Jumlah emisi China yang sangat besar melemahkan negara-negara tetangganya, yang sebagian besar menderita ancaman siklus iklim. India dan Pakistan adalah tetangga China.
Selain China, Amerika Serikat dan negara-negara Uni Eropa (UE) adalah pihak utama lainnya yang bertanggung jawab atas munculnya perubahan iklim.
Di Pakistan, Bangladesh dan India, terdapat kebutuhan mendesak akan infrastruktur yang lebih baik, yang dapat mempertahankan tekanan iklim dengan lebih baik jika terjadi bahaya alam yang ekstrem.
"Di negara-negara yang secara khusus terkena banjir, sistem drainase harus diperbaiki, untuk mencegah banjir di daerah perkotaan dan kehancuran rumah tangga, tanaman pangan, serta ternak. Jembatan harus diperkuat, dan jalan-jalan harus diamankan dari ancaman banjir mendadak.
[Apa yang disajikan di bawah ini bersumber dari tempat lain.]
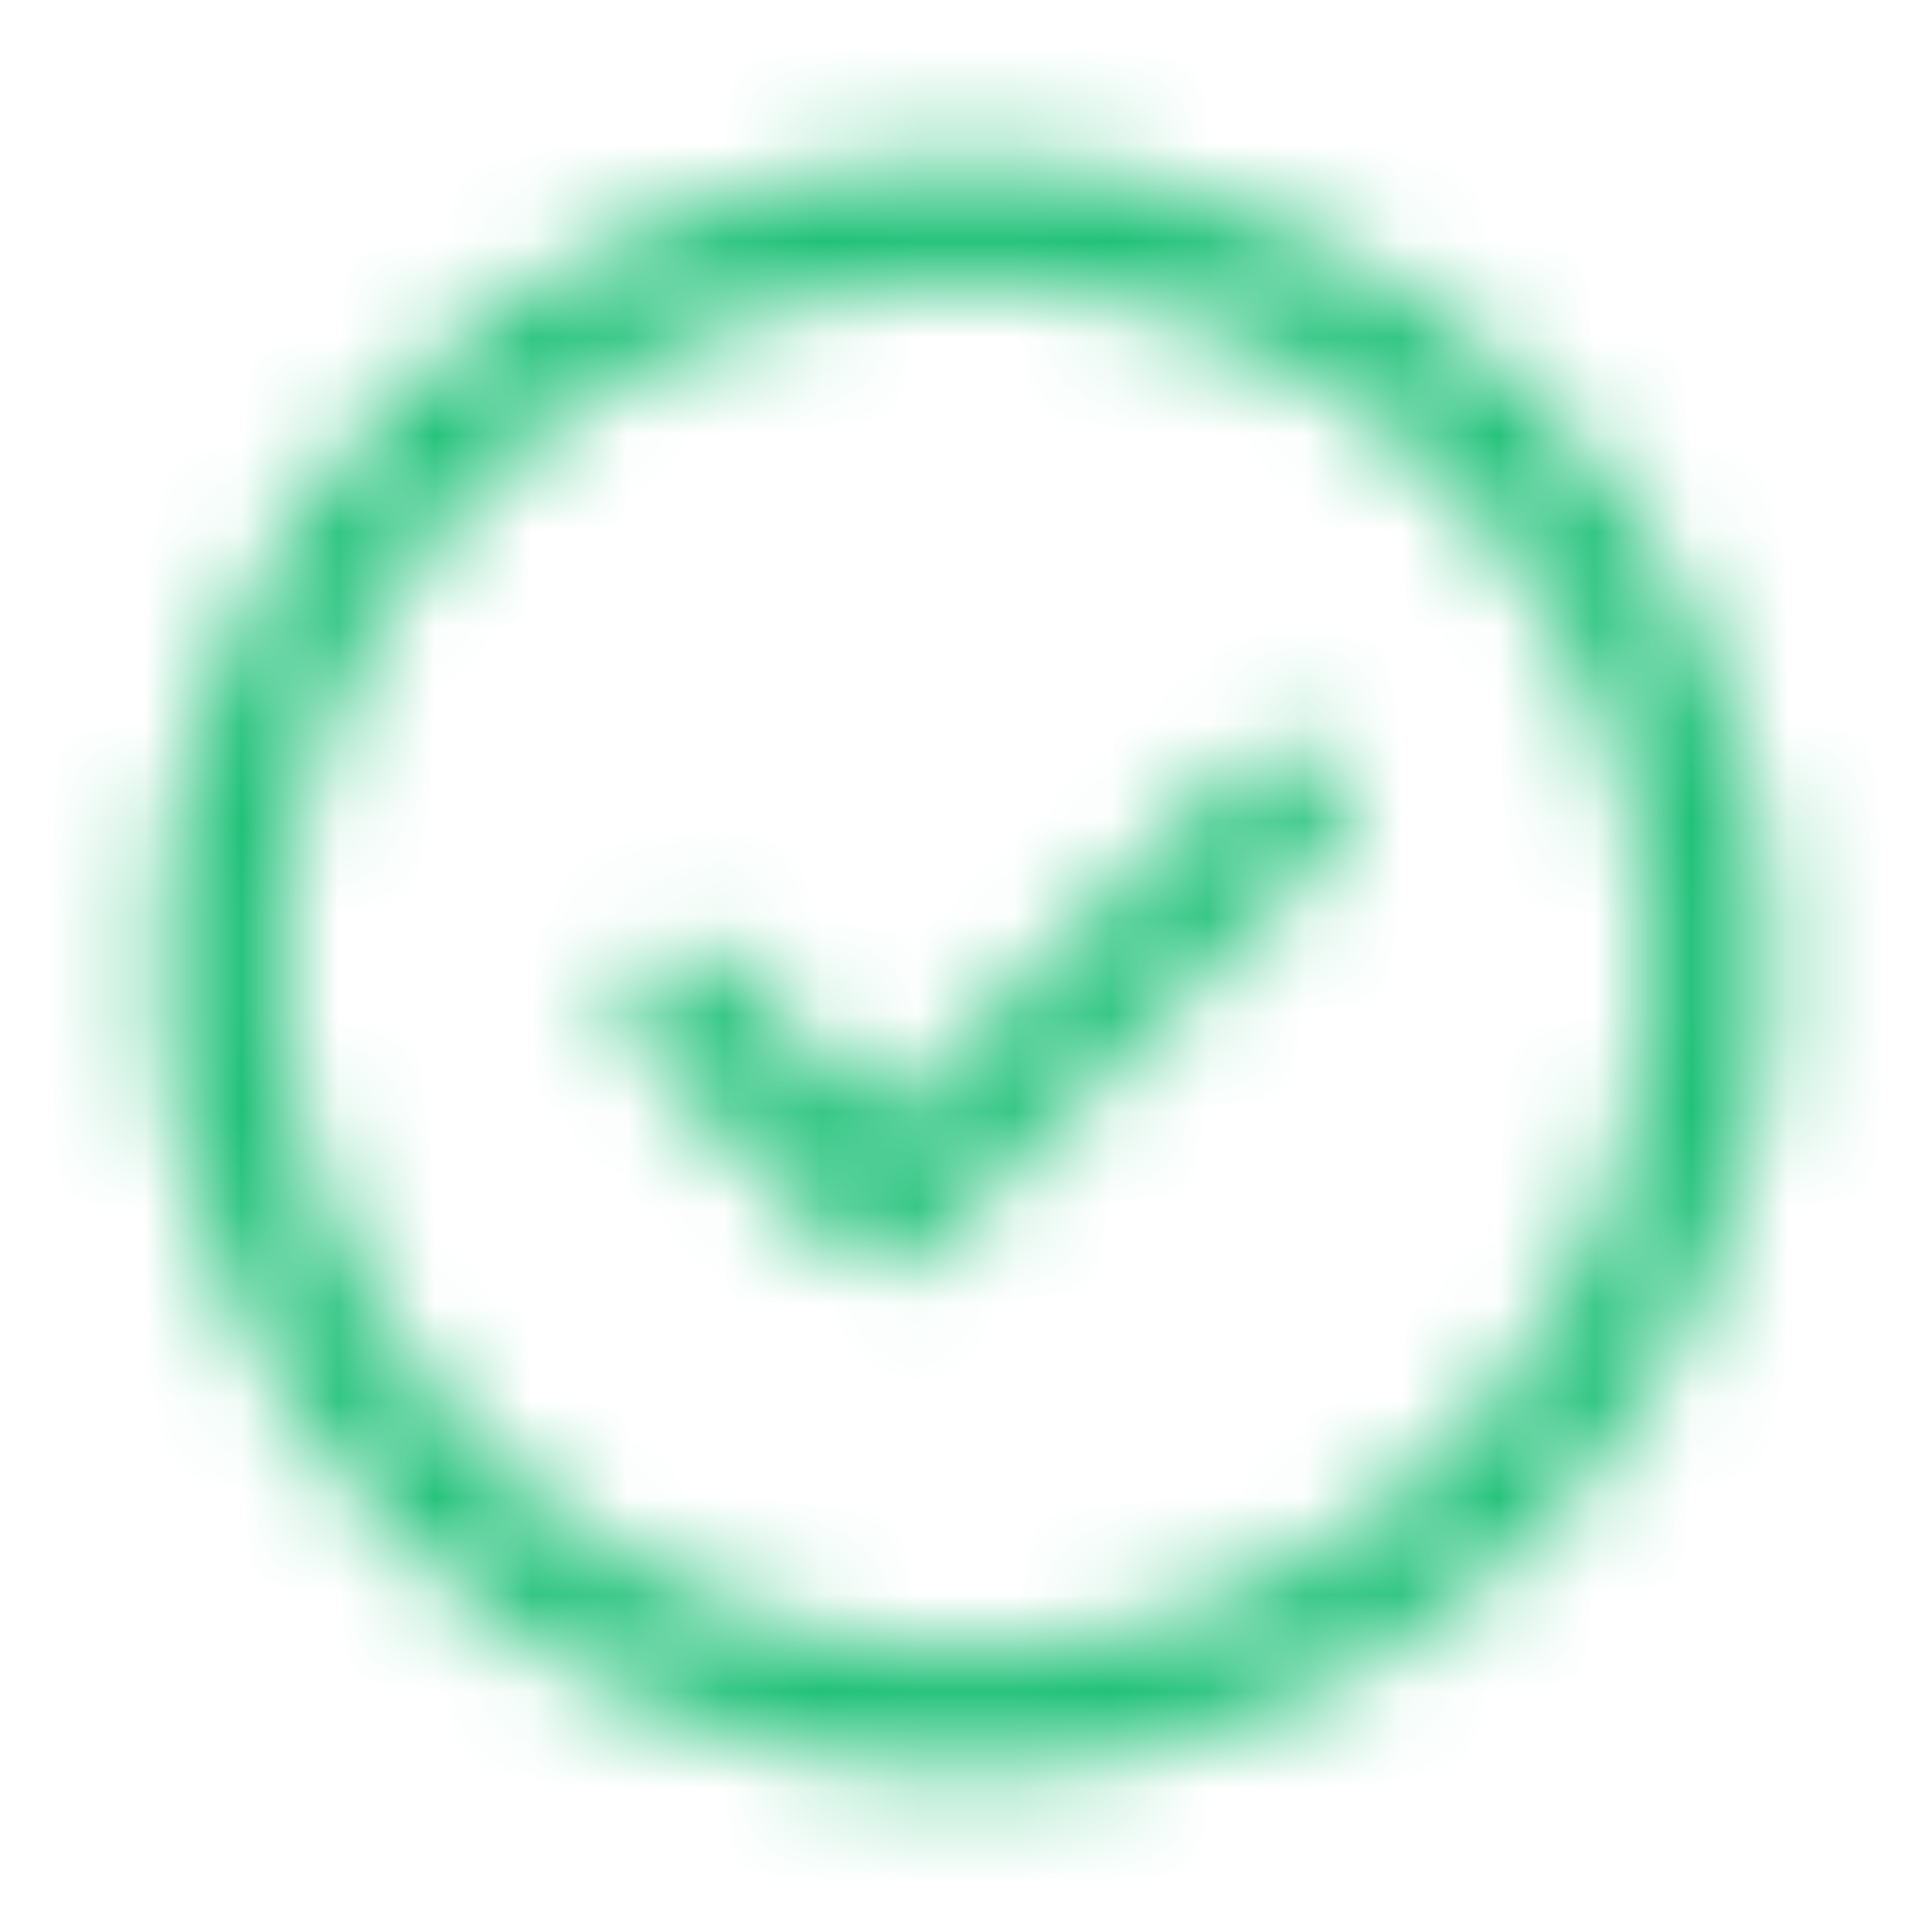<svg width="20" height="20" viewBox="0 0 20 20" fill="none" xmlns="http://www.w3.org/2000/svg">
<g id="24/system/action/check_round">
<mask id="mask0_9168_30467" style="mask-type:alpha" maskUnits="userSpaceOnUse" x="1" y="1" width="18" height="18">
<path id="Union" fill-rule="evenodd" clip-rule="evenodd" d="M2.916 10C2.916 6.088 6.087 2.917 9.999 2.917C13.911 2.917 17.083 6.088 17.083 10C17.083 13.912 13.911 17.084 9.999 17.084C6.087 17.084 2.916 13.912 2.916 10ZM9.999 1.667C5.397 1.667 1.666 5.398 1.666 10C1.666 14.603 5.397 18.334 9.999 18.334C14.602 18.334 18.333 14.603 18.333 10C18.333 5.398 14.602 1.667 9.999 1.667ZM13.775 8.776C14.019 8.532 14.019 8.136 13.775 7.892C13.53 7.648 13.135 7.648 12.891 7.892L9.166 11.616L7.525 9.975C7.281 9.731 6.885 9.731 6.641 9.975C6.397 10.219 6.397 10.615 6.641 10.859L8.724 12.942C8.968 13.186 9.364 13.186 9.608 12.942L13.775 8.776Z" fill="#1D252D"/>
</mask>
<g mask="url(#mask0_9168_30467)">
<path id="Union_2" fill-rule="evenodd" clip-rule="evenodd" d="M20 0H0V20H20V0Z" fill="#21C179"/>
</g>
</g>
</svg>

Dianjurkan untuk melarang pembangunan rumah tangga di daerah berisiko tinggi, yang selanjutnya melindungi lingkungan perkotaan dengan infrastruktur pelindung," saran EFSAS.
Perbaikan infrastruktur dan rencana adaptasi yang berkelanjutan membutuhkan ketersediaan dana yang besar untuk dilaksanakan, namun sangat tidak mungkin semua negara Asia Selatan memiliki kapasitas untuk berinvestasi dalam jumlah tersebut.
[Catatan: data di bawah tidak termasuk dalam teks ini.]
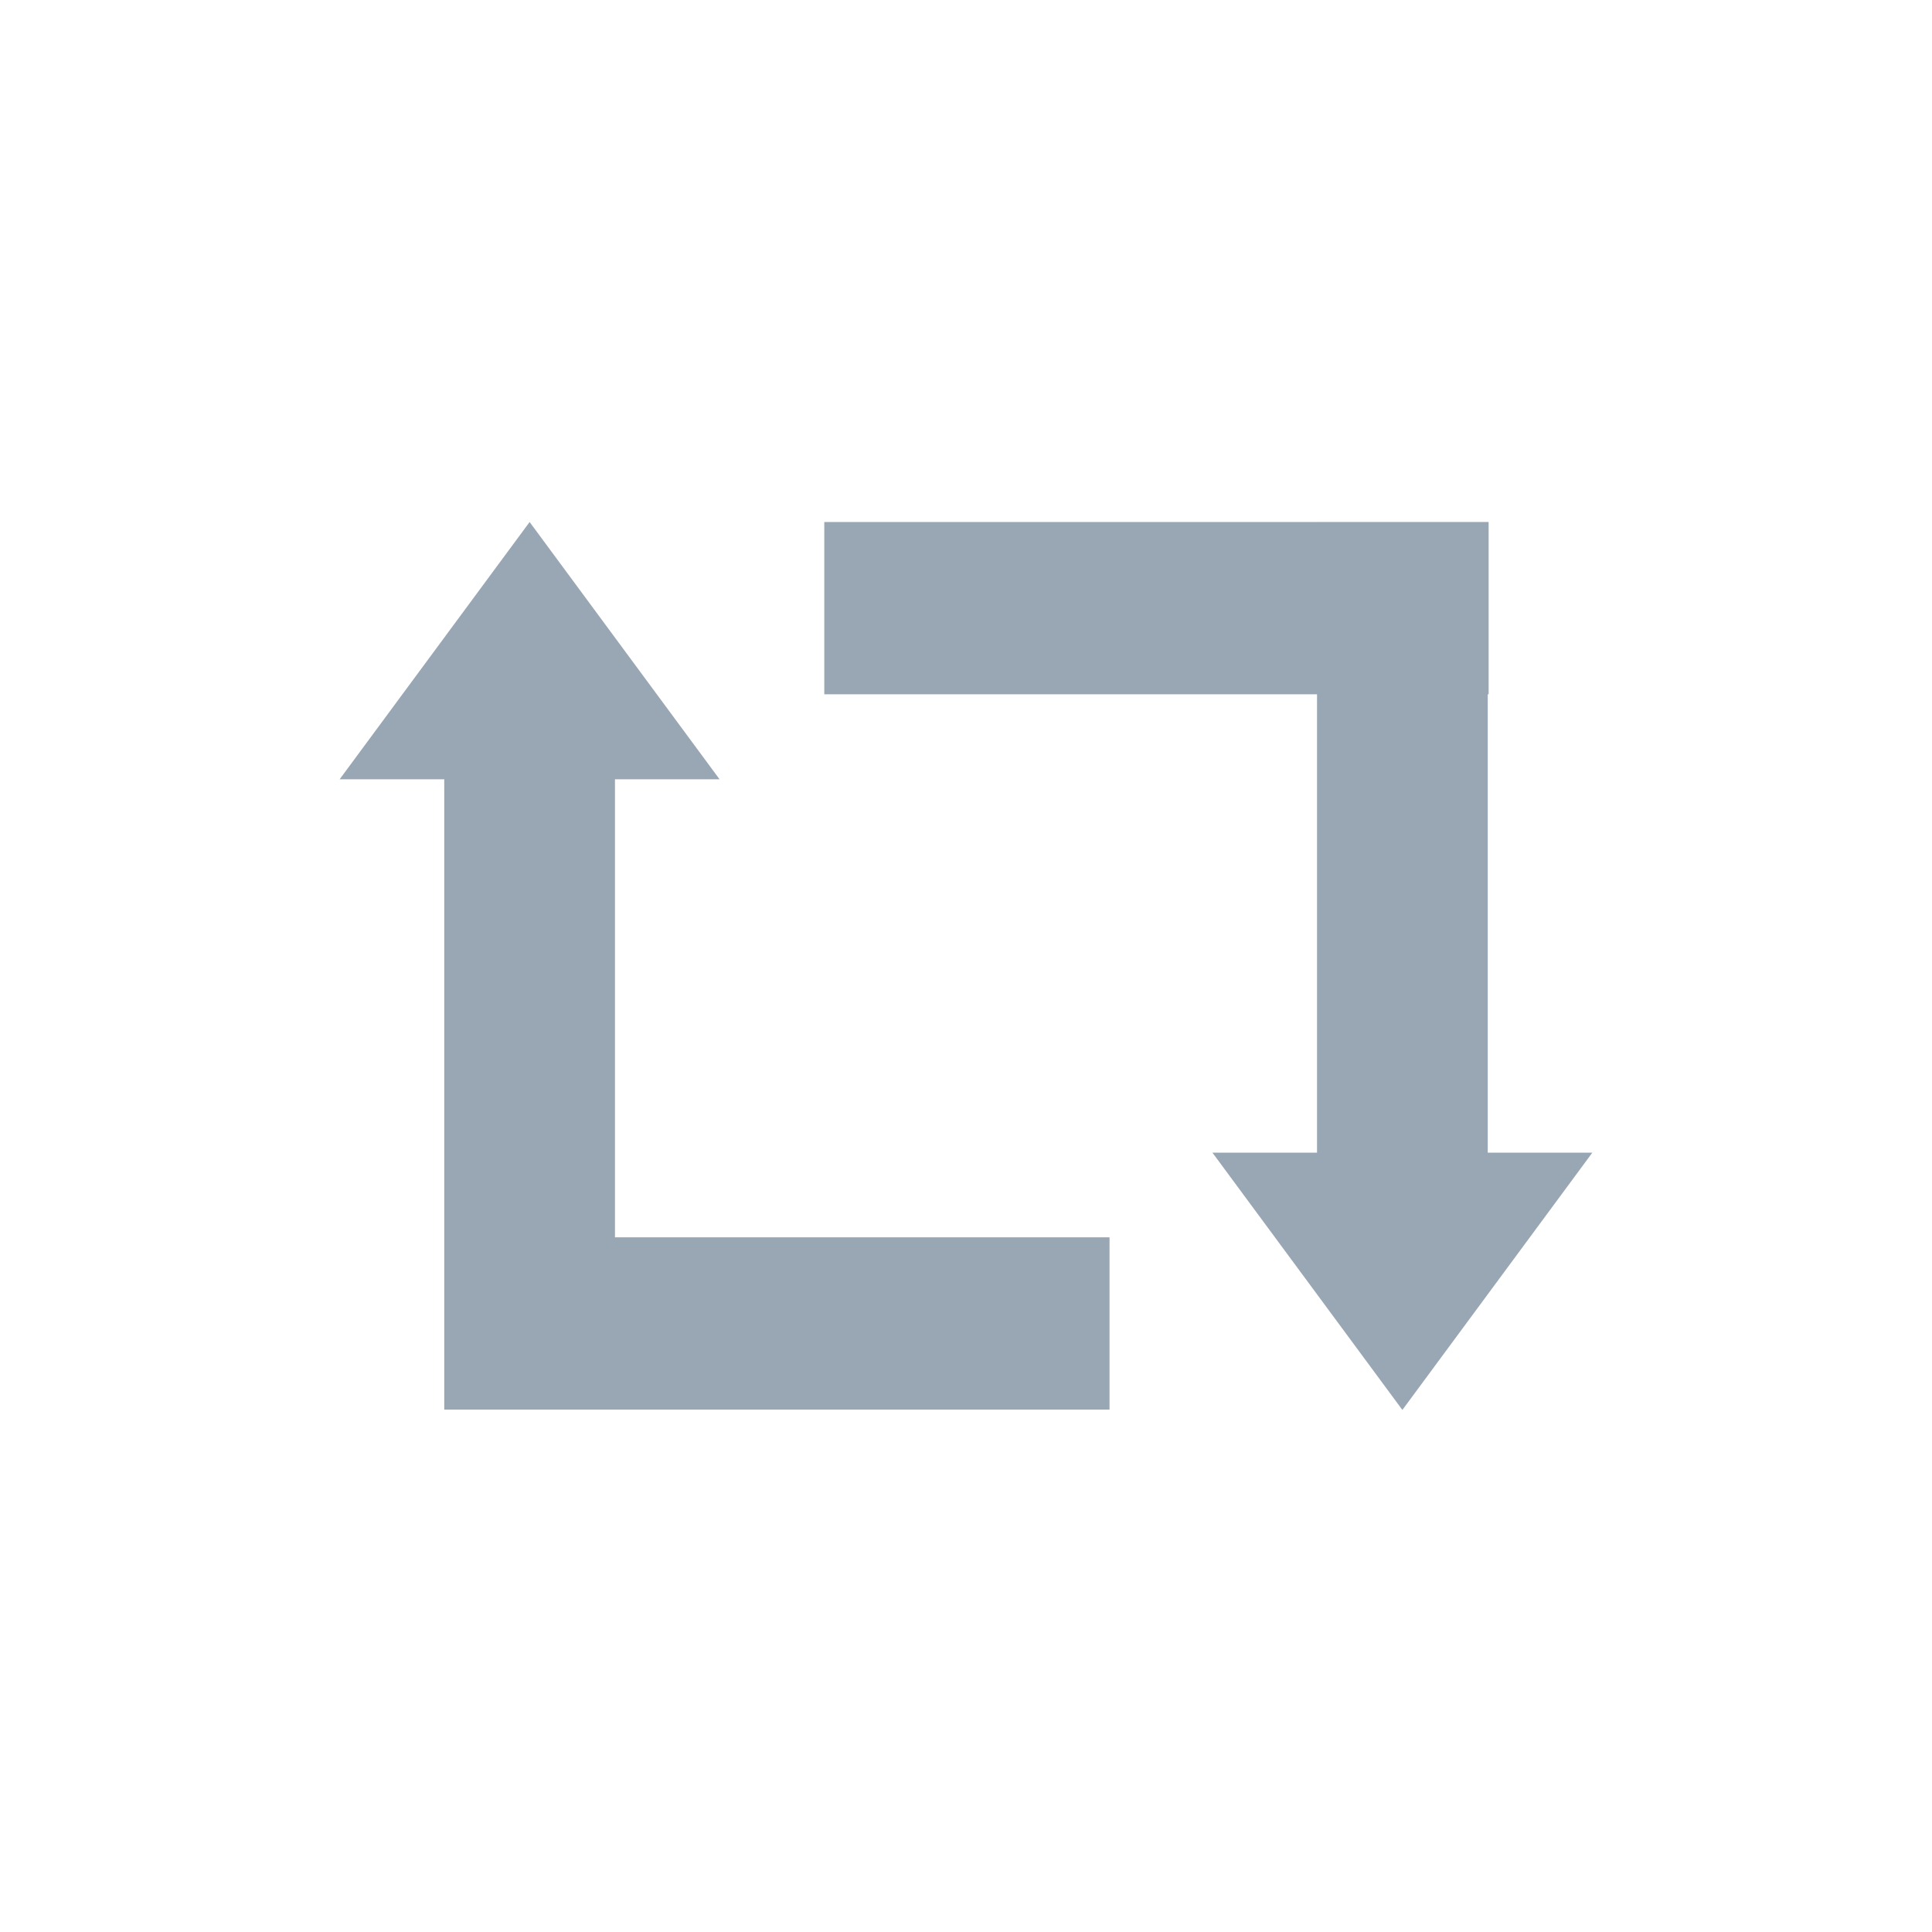 <?xml version="1.0" encoding="utf-8"?>
<!-- Generator: Adobe Illustrator 23.1.0, SVG Export Plug-In . SVG Version: 6.00 Build 0)  -->
<svg version="1.1" id="Layer_1" xmlns="http://www.w3.org/2000/svg" xmlns:xlink="http://www.w3.org/1999/xlink" x="0px" y="0px"
	 viewBox="0 0 1080 1080" style="enable-background:new 0 0 1080 1080;" xml:space="preserve">
<style type="text/css">
	.st0{fill:#A9B7C1;}
	.st1{fill:#98A7B3;}
</style>
<g>
	<rect x="460.78" y="291.81" class="st1" width="371.37" height="96.3"/>
	<rect x="736.23" y="292" class="st1" width="95.43" height="374.76"/>
	<polygon class="st1" points="783.94,788.16 890.14,644.33 677.75,644.33 	"/>
	<rect x="248.86" y="691.67" class="st1" width="371.37" height="96.3"/>
	<rect x="248.34" y="413.21" class="st1" width="95.43" height="374.76"/>
	<polygon class="st1" points="296.06,291.81 189.86,435.63 402.25,435.63 	"/>
</g>
</svg>

"Langkah-langkah mitigasi dan adaptasi memerlukan dana untuk memastikan layanan publik yang paling efisien, solusi berbasis alam dan infrastruktur," ujar EFSAS.
Meskipun emisi GRK mereka rendah, setiap tahun negara-negara Asia Selatan menghadapi ancaman iklim yang luar biasa yang memicu kematian ribuan orang. Ada tanggung jawab moral bagi negara-negara maju, yang juga merupakan pencemar utama, untuk membantu negara-negara Asia Selatan.
"Negara-negara berkembang seperti Pakistan, Bangladesh dan India telah menunjukkan kesediaan mereka untuk menurunkan emisi mereka dan menerapkan perangkat yang lebih baik demi memitigasi dan mengadaptasi, serta mempercepat transisi hijau mereka, namun, beban menahan konsekuensi bencana dari perubahan iklim tidak boleh diserahkan kepada negara-negara yang paling menderita karenanya, tetapi harus lebih bergantung pada negara-negara maju, yang sejak lama telah berkontribusi secara besar-besaran terhadap emisi GRK, dan oleh karena itu harus bertanggung jawab dengan menurunkan emisi mereka dan memberikan bantuan kepada negara-negara yang paling terkena dampak, memenuhi janji-janji yang dibuat di bawah kesepakatan Paris," papar EFSAS.
Perubahan iklim adalah masalah yang hebat dan tidak ada negara, termasuk semua negara Asia Selatan yang bebas darinya. Strategi pertumbuhan rendah karbon sangat penting dan harus diterapkan di setiap negara.
Penulis adalah wartawan senior yang berdomisili di Jakarta.